# Entries supplied
☆ ☆ ☆ ☆
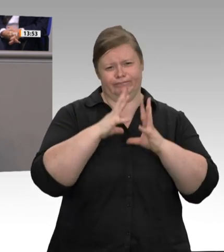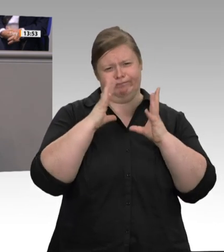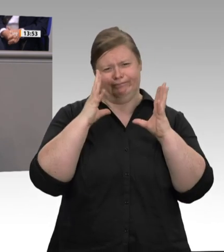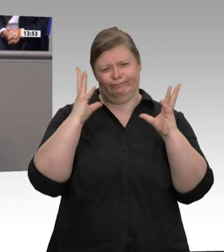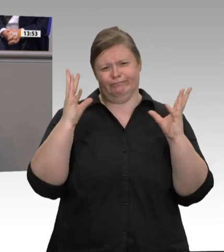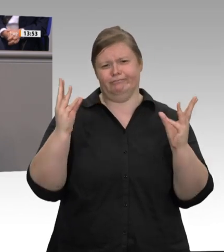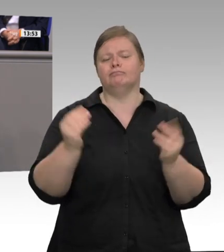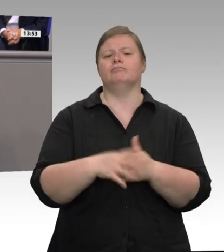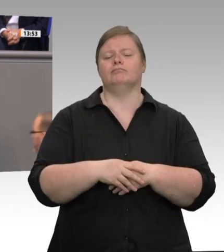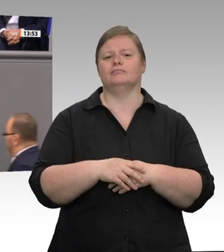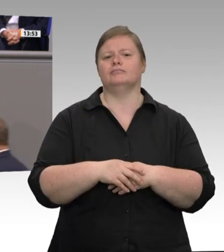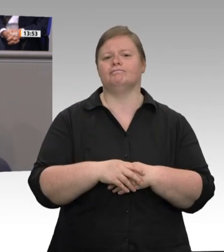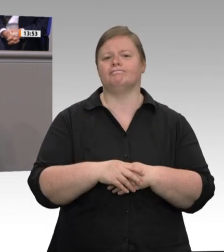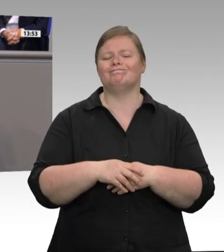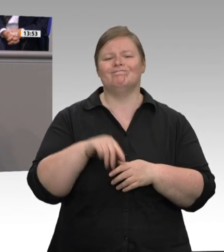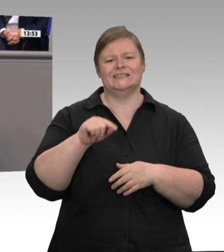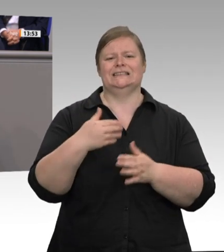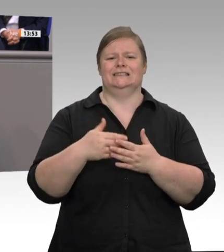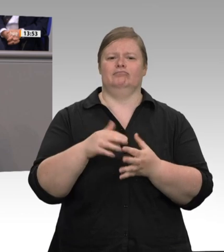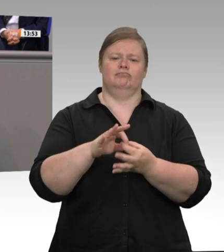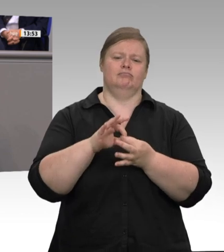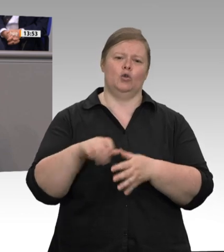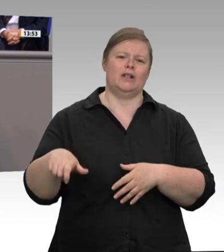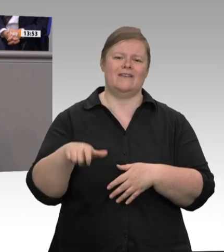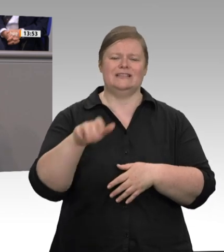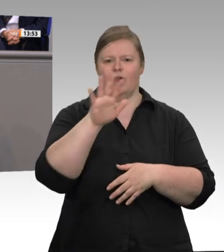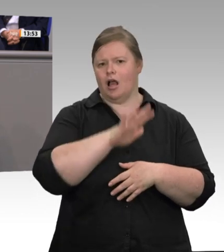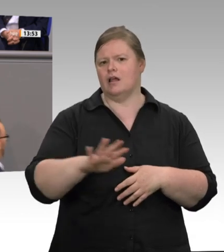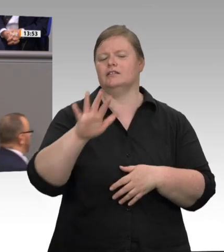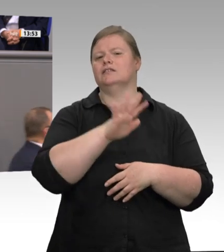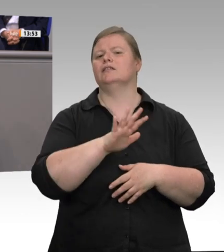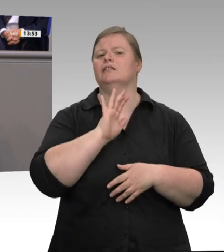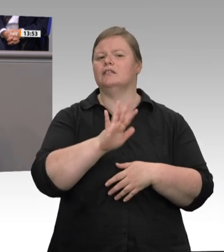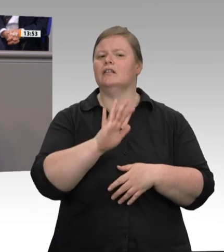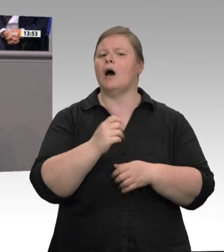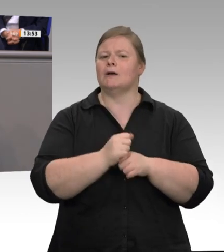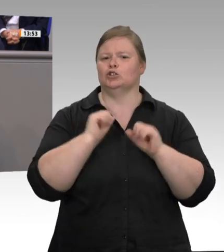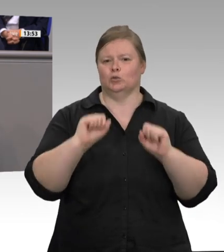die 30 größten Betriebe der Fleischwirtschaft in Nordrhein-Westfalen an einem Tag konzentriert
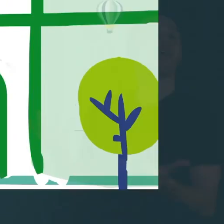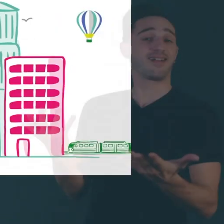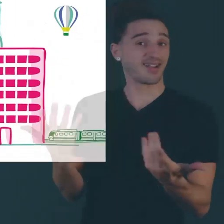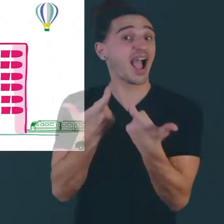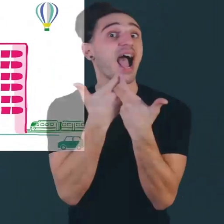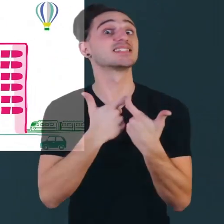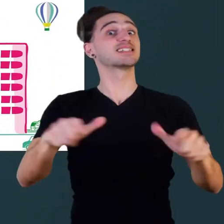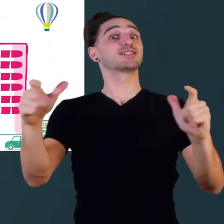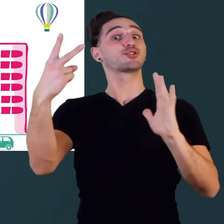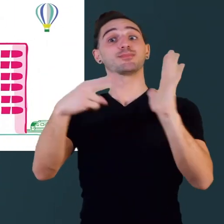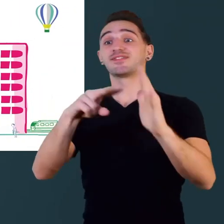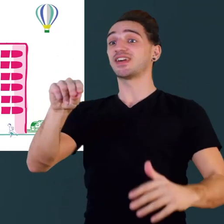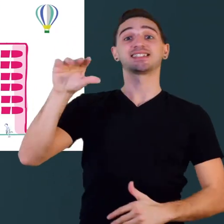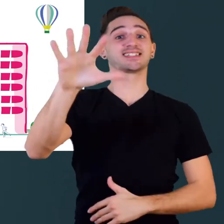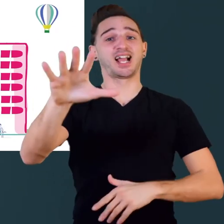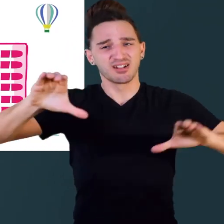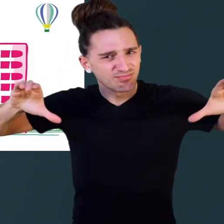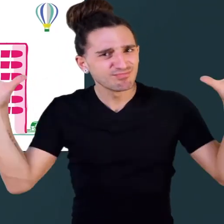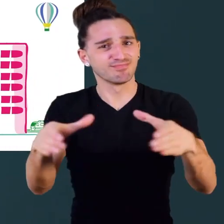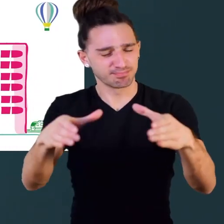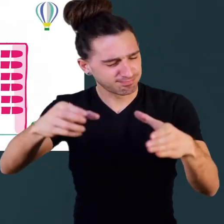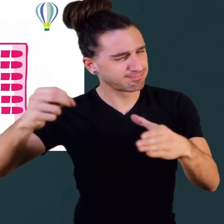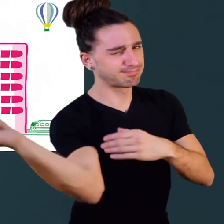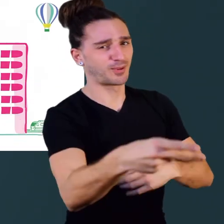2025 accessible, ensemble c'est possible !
☆ ☆ ☆ ☆
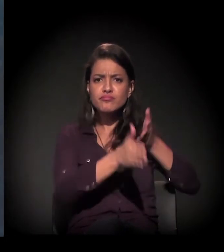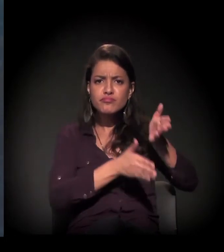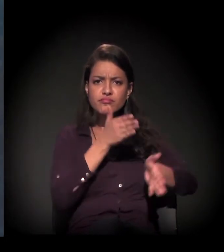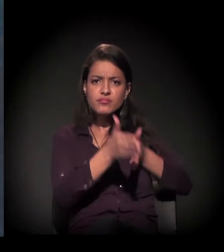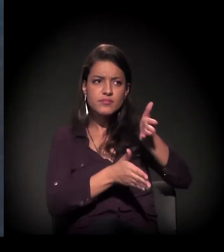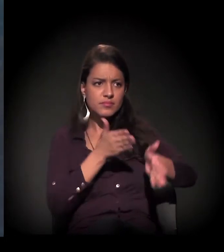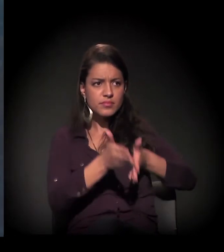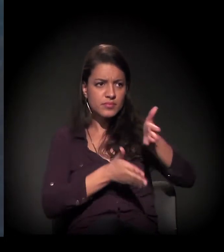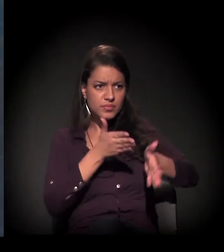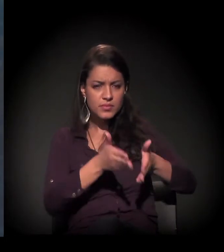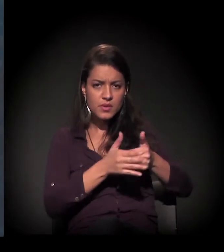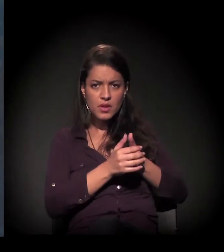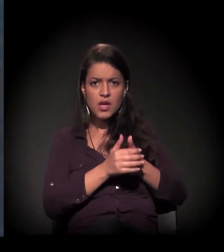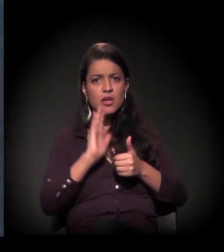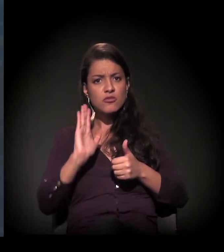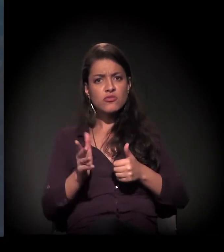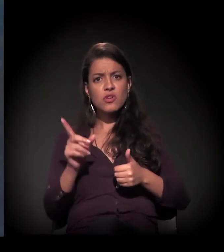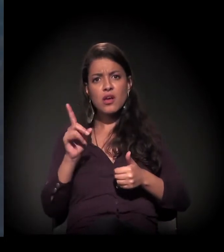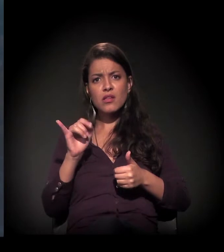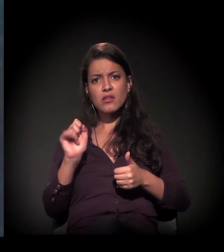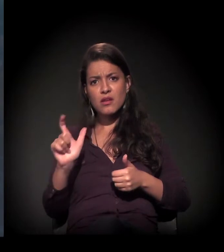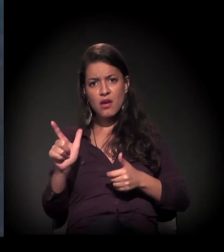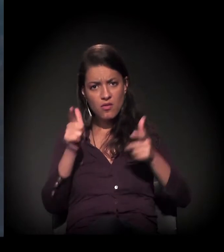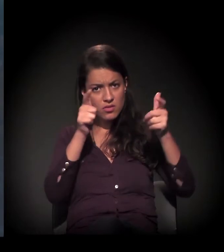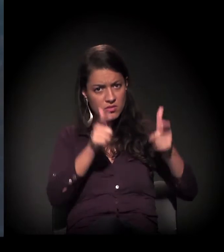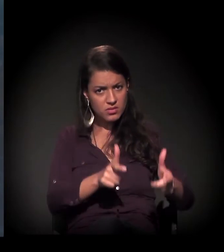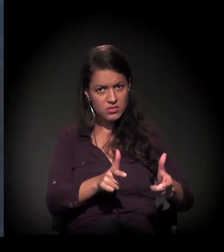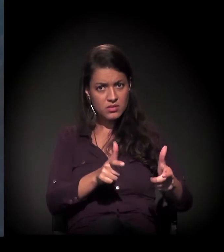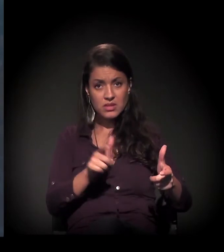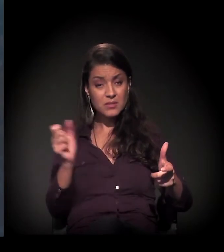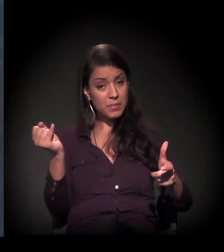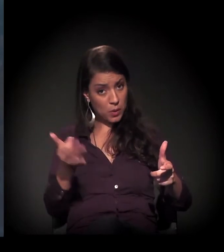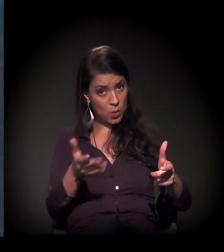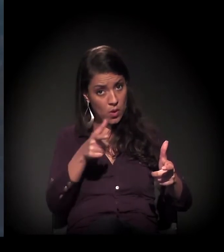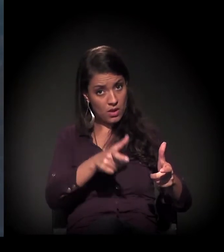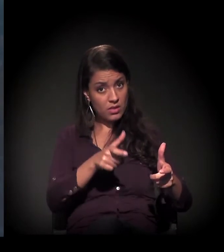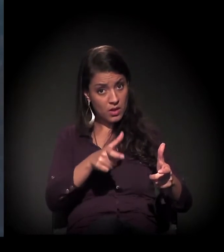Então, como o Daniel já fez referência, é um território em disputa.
☆ ☆ ☆ ☆
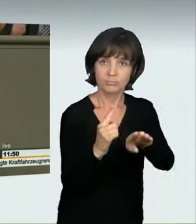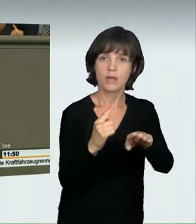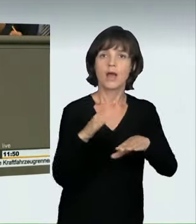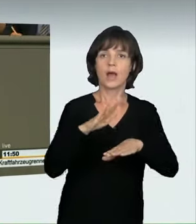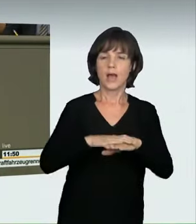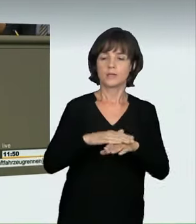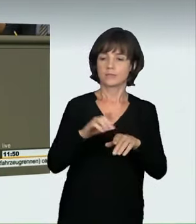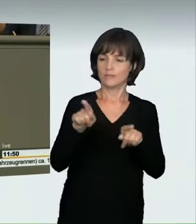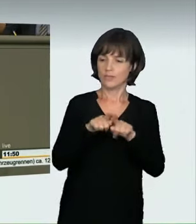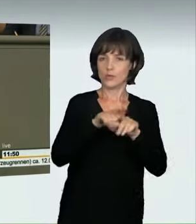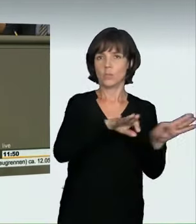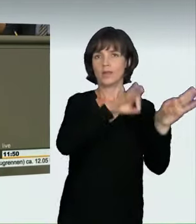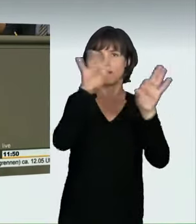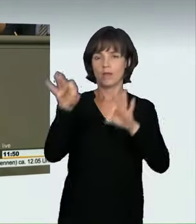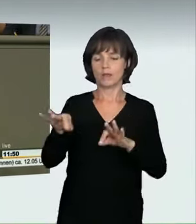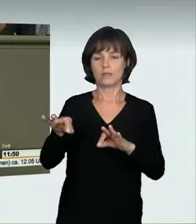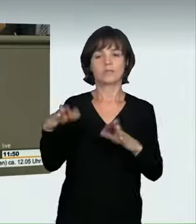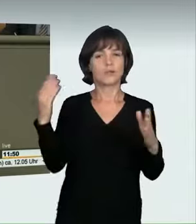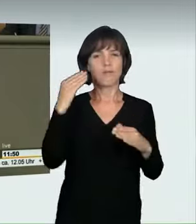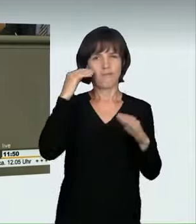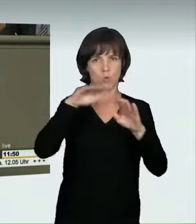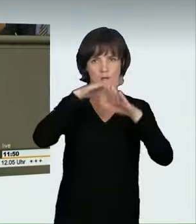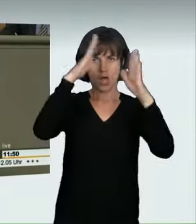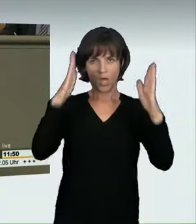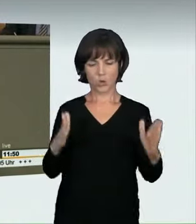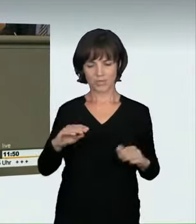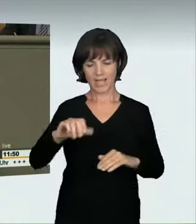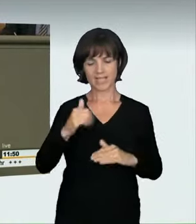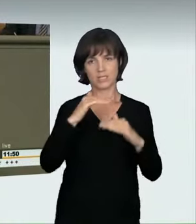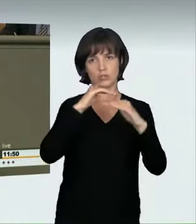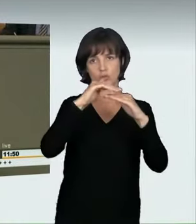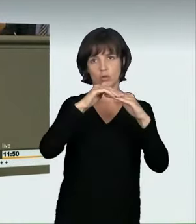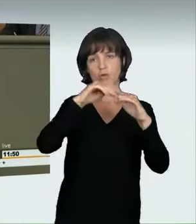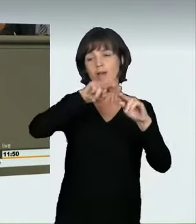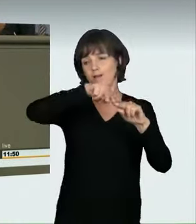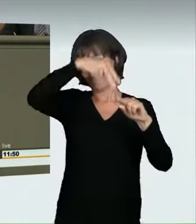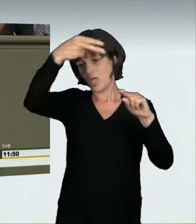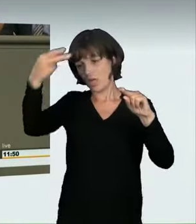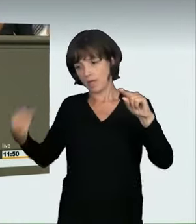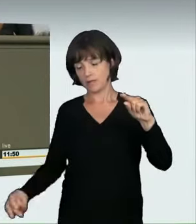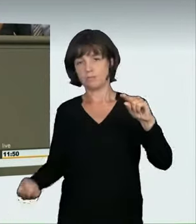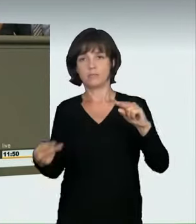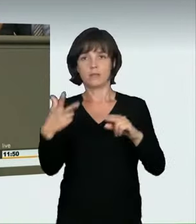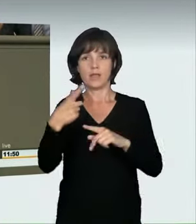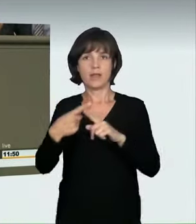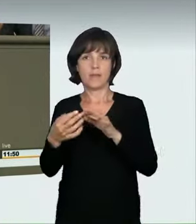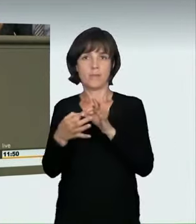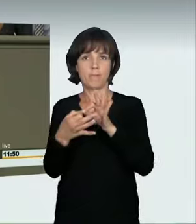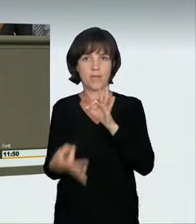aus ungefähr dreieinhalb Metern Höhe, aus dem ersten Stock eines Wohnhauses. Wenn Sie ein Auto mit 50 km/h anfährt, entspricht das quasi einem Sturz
☆ ☆ ☆ ☆
# What to do
Repeat, without pictures, exactly the lines of the data above from the one containing "die 30 größten" through the one containing "2025 accessible, ensemble c'est possible !", including both and adding nothing.

# Written response
die 30 größten Betriebe der Fleischwirtschaft in Nordrhein-Westfalen an einem Tag konzentriert
2025 accessible, ensemble c'est possible !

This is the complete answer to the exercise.